There are 2 pairs of standard transport types:
| std IO | [`TokioChildProcess`](crate::transport::TokioChildProcess) | [`stdio`](crate::transport::stdio) |
| streamable http | [`StreamableHttpClientTransport`](crate::transport::StreamableHttpClientTransport) | [`StreamableHttpService`](crate::transport::StreamableHttpService) |
#### [`IntoTransport`](crate::transport::IntoTransport) trait
[`IntoTransport`](crate::transport::IntoTransport) is a helper trait that implicitly converts a type into a transport type.

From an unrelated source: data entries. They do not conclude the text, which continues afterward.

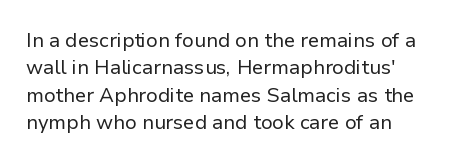
Q: Is the text bold? A: No.
Q: Is the text italic (slanted)? A: No, it is upright.
Q: Is the text underlined? A: No.
Q: Is the spacing between letters normal or unusually wide? A: Normal.
Q: Is the spacing between lines tight, normal or loose? A: Normal.
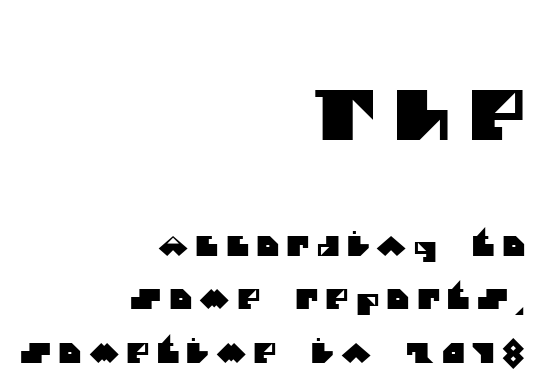
Casual observation: everything's shoved over to the right. Serifs: no, the terminals of the letterforms are clean. Beneath every word, the page is bare. Each new line begins a long way beneath the previous one. Here the first block reads like a headline and the second like body copy.
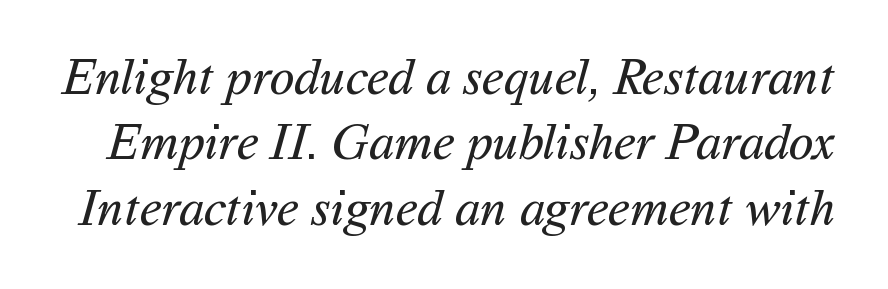
Q: Is the text bold? A: No.
Q: Is the typeface a serif or a sans-serif typeface? A: Sans-serif.
Q: Is the text underlined? A: No.
Q: Is the spacing between letters normal or unusually wide? A: Normal.
Q: Is the spacing between lines tight, normal or loose? A: Normal.
Q: Width (condensed, normal, or wide)? A: Normal.
Q: Stroke contrast? A: Medium.
Q: x-height? A: Medium.
Q: Monospaced? A: No.
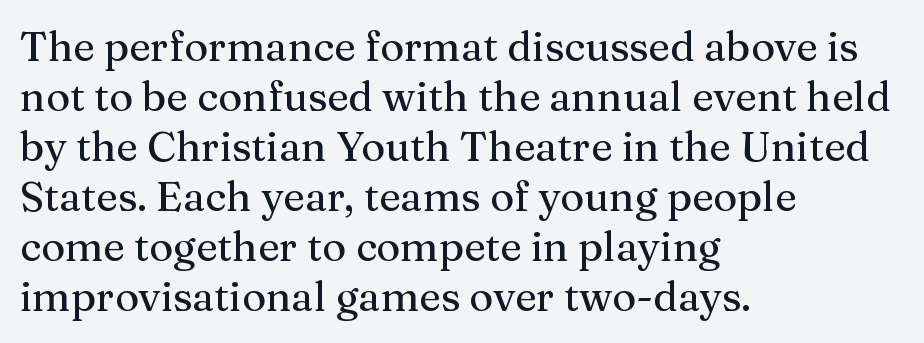
Character widths vary here, with narrow letters taking less room than wide ones. The text was rendered using a seriffed face with decorative stroke endings. No word sits above an underline. Is there any slant? The stems are plumb.
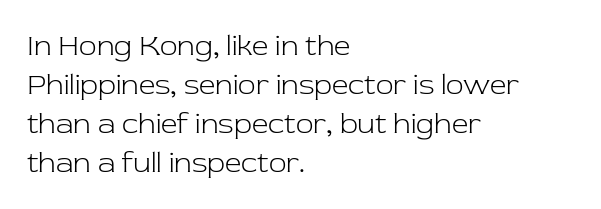
Q: Is the text bold? A: No.
Q: Is the text italic (slanted)? A: No, it is upright.
Q: Is the typeface a serif or a sans-serif typeface? A: Serif.
Q: Is the text underlined? A: No.
Q: How is the paragraph aligned? A: Left-aligned.
Q: Is the spacing between letters normal or unusually wide? A: Normal.
Q: Is the spacing between lines tight, normal or loose? A: Normal.
Q: Width (condensed, normal, or wide)? A: Normal.
Q: Stroke contrast? A: Low.
Q: x-height? A: Medium.
Q: Monospaced? A: No.

These types automatically implement [`IntoTransport`](crate::transport::IntoTransport):
1. A type that implements both `futures::Sink` and `futures::Stream`, or a tuple `(Tx, Rx)` where `Tx` is `futures::Sink` and `Rx` is `futures::Stream`.
2. A type that implements both `tokio::io::AsyncRead` and `tokio::io::AsyncWrite`, or a tuple `(R, W)` where `R` is `tokio::io::AsyncRead` and `W` is `tokio::io::AsyncWrite`.
3. A type that implements the [`Worker`](crate::transport::worker::Worker) trait.
4. A type that implements the [`Transport`](crate::transport::Transport) trait.
</details>
## License
This project is licensed under the terms specified in the repository's LICENSE file.